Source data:
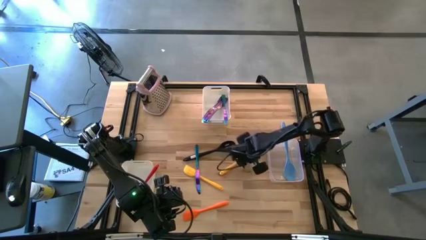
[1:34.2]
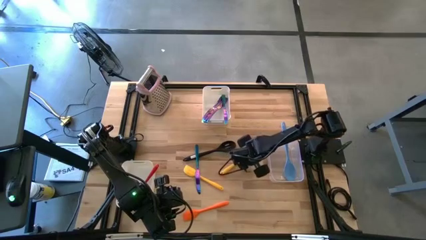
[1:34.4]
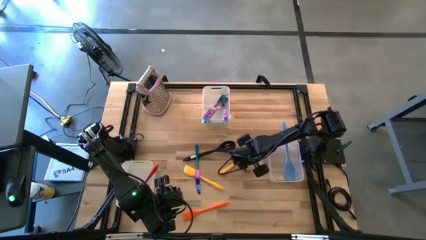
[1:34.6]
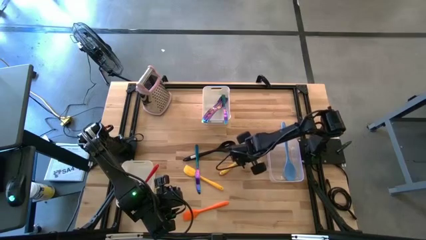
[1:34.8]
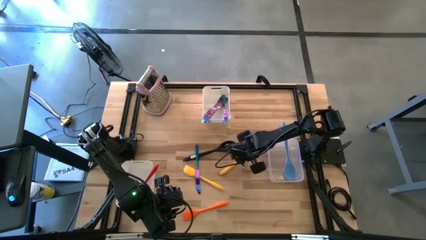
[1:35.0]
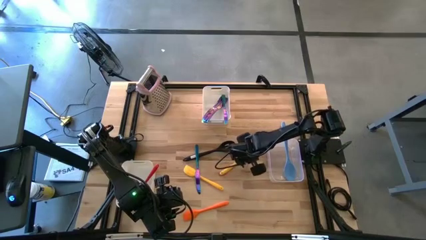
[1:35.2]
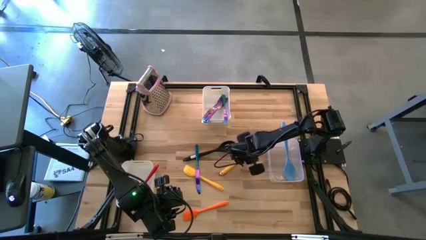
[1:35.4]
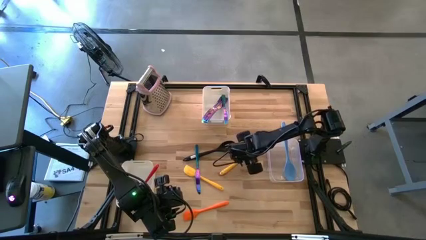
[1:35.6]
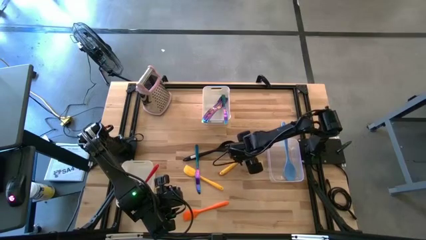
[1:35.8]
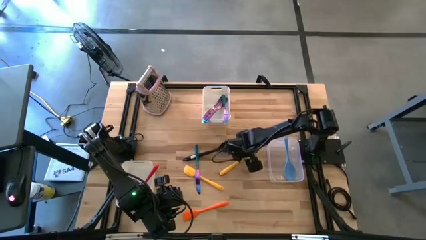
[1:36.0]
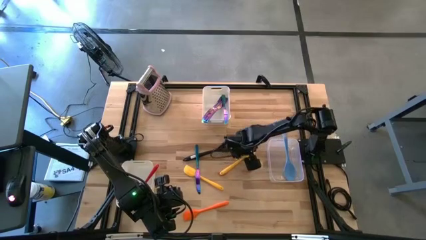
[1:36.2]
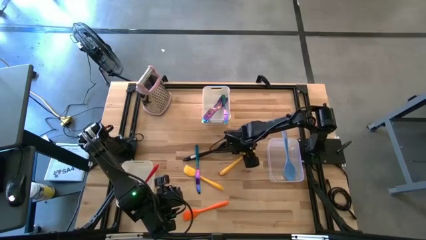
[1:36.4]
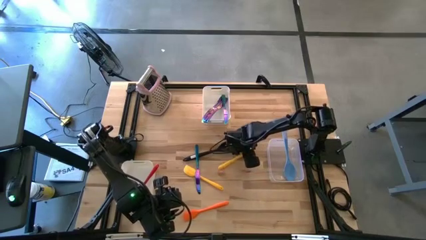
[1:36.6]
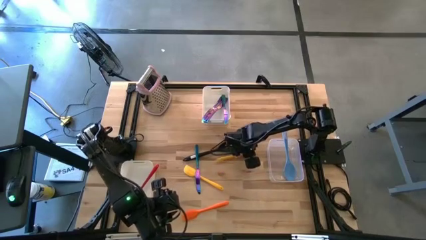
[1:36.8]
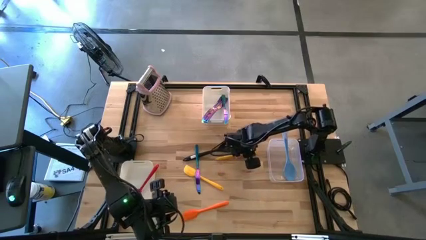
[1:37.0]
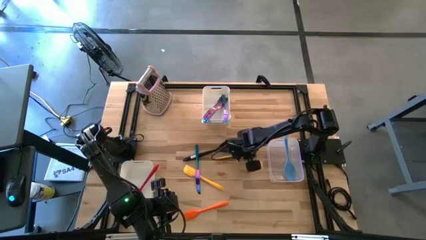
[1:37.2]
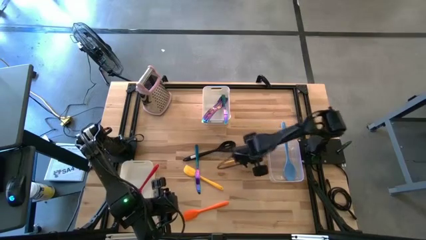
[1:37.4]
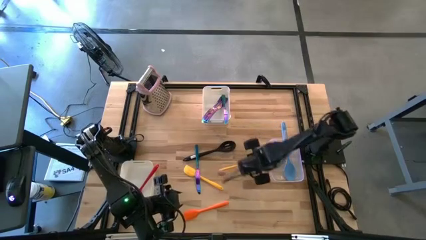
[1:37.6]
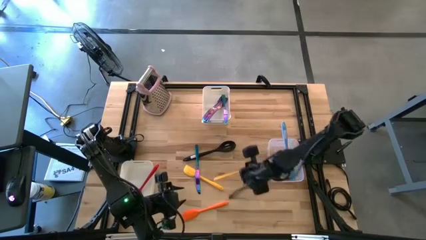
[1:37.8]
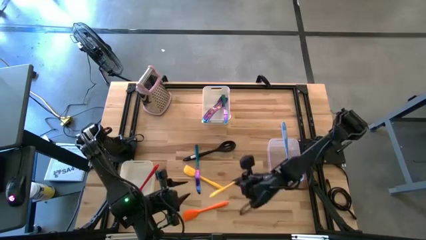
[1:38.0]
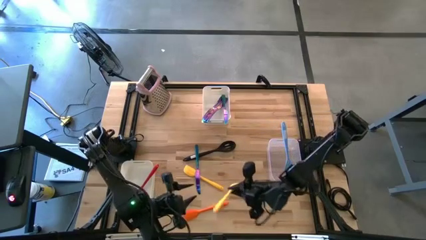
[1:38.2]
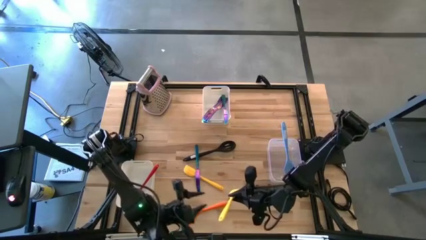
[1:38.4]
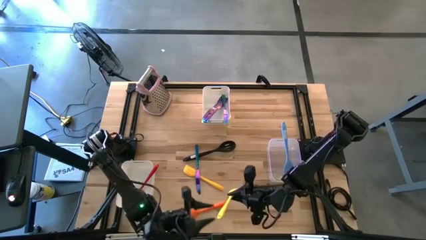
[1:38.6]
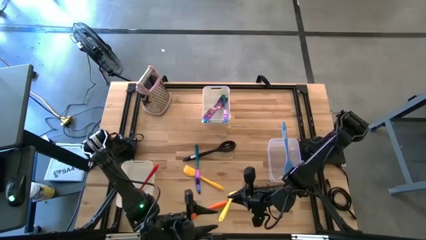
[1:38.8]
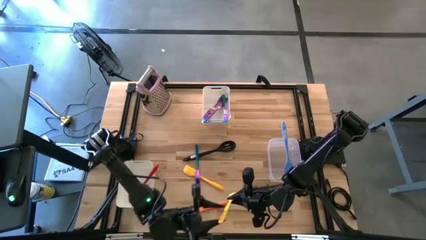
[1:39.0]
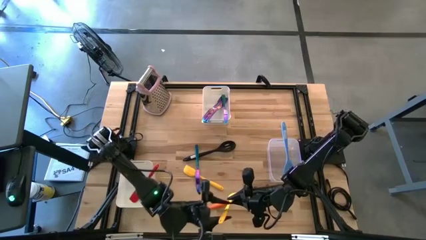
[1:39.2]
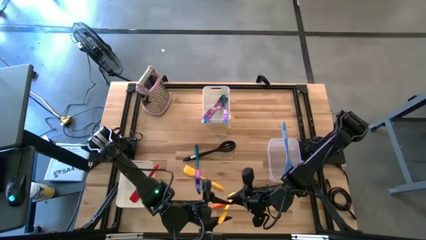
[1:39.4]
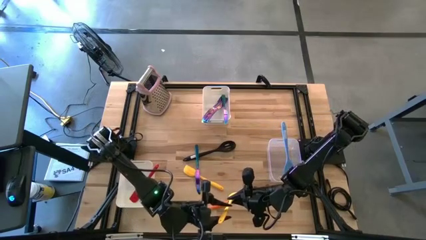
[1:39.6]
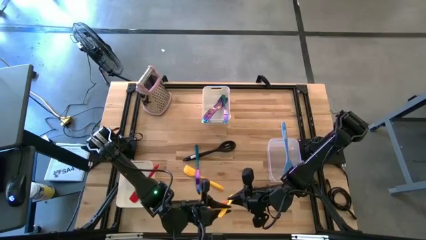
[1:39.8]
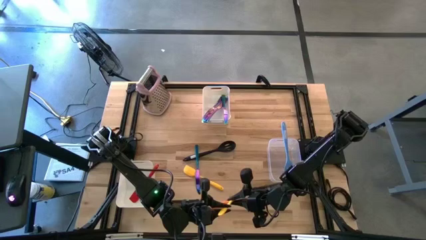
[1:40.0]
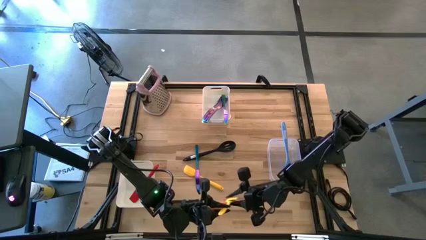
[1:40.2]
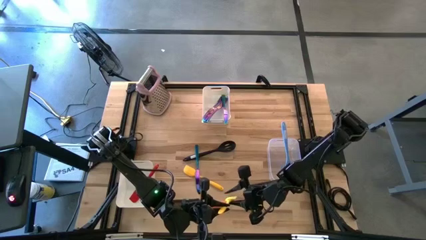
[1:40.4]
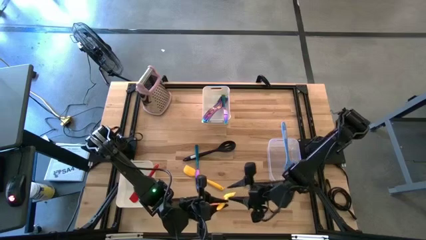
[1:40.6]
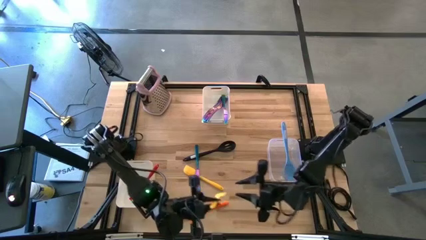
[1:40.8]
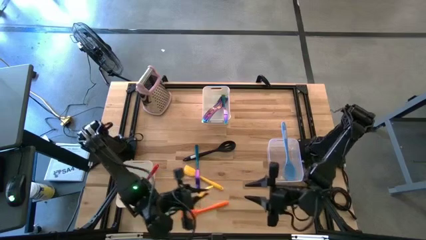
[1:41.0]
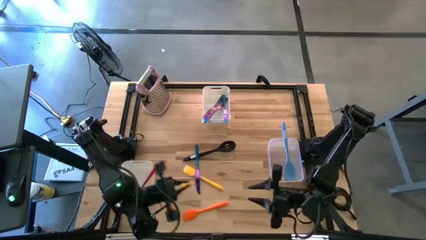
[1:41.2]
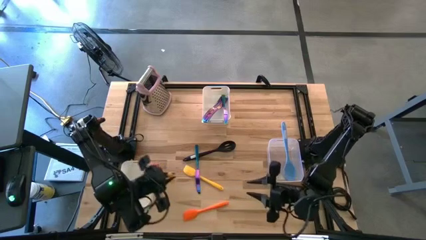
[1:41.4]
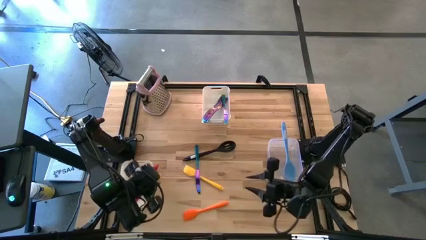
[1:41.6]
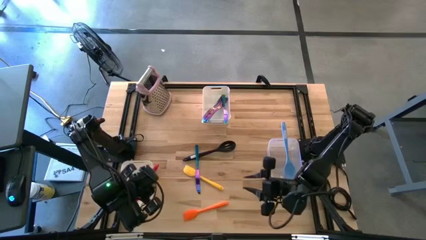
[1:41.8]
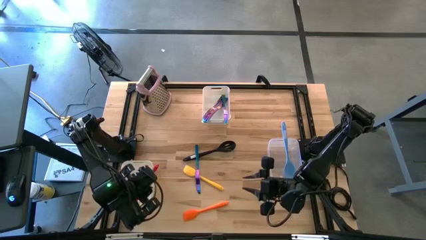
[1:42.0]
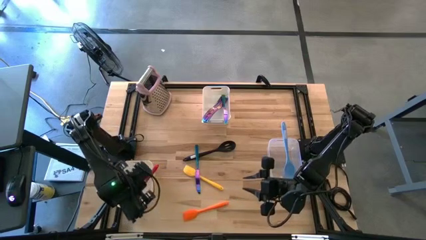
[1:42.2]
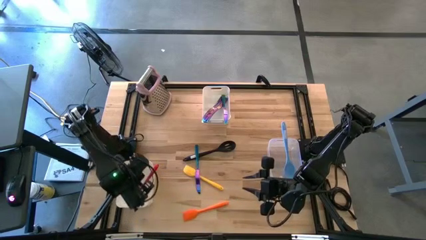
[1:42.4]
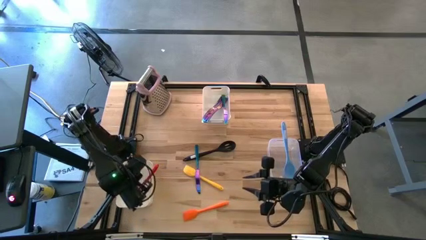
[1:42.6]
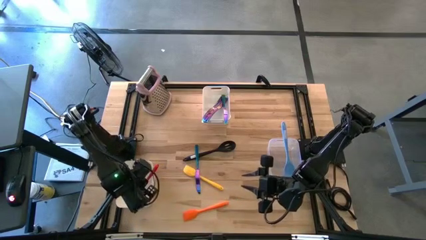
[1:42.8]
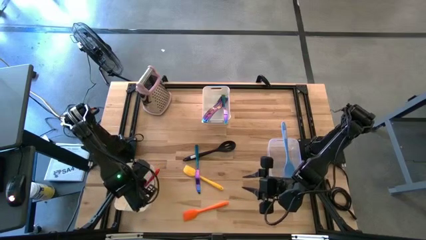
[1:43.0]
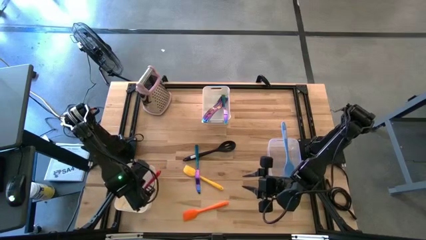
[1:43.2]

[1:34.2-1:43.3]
Task: Pick & Place Kitchen Items
Put the yellow spatula into the left white bin

ACTIVITY: Output all the entries exactly, minus any pictures.

WRITTEN SOLUTION:
[1:34.2]
[1:34.4]
[1:34.6]
[1:34.8]
[1:35.0]
[1:35.2]
[1:35.4]
[1:35.6]
[1:35.8]
[1:36.0]
[1:36.2]
[1:36.4]
[1:36.6]
[1:36.8]
[1:37.0]
[1:37.2]
[1:37.4]
[1:37.6]
[1:37.8]
[1:38.0]
[1:38.2]
[1:38.4]
[1:38.6]
[1:38.8]
[1:39.0]
[1:39.2]
[1:39.4]
[1:39.6]
[1:39.8]
[1:40.0]
[1:40.2]
[1:40.4]
[1:40.6]
[1:40.8]
[1:41.0]
[1:41.2]
[1:41.4]
[1:41.6]
[1:41.8]
[1:42.0]
[1:42.2]
[1:42.4]
[1:42.6]
[1:42.8]
[1:43.0]
[1:43.2]

[1:34.2-1:43.3]
Task: Pick & Place Kitchen Items
Put the yellow spatula into the left white bin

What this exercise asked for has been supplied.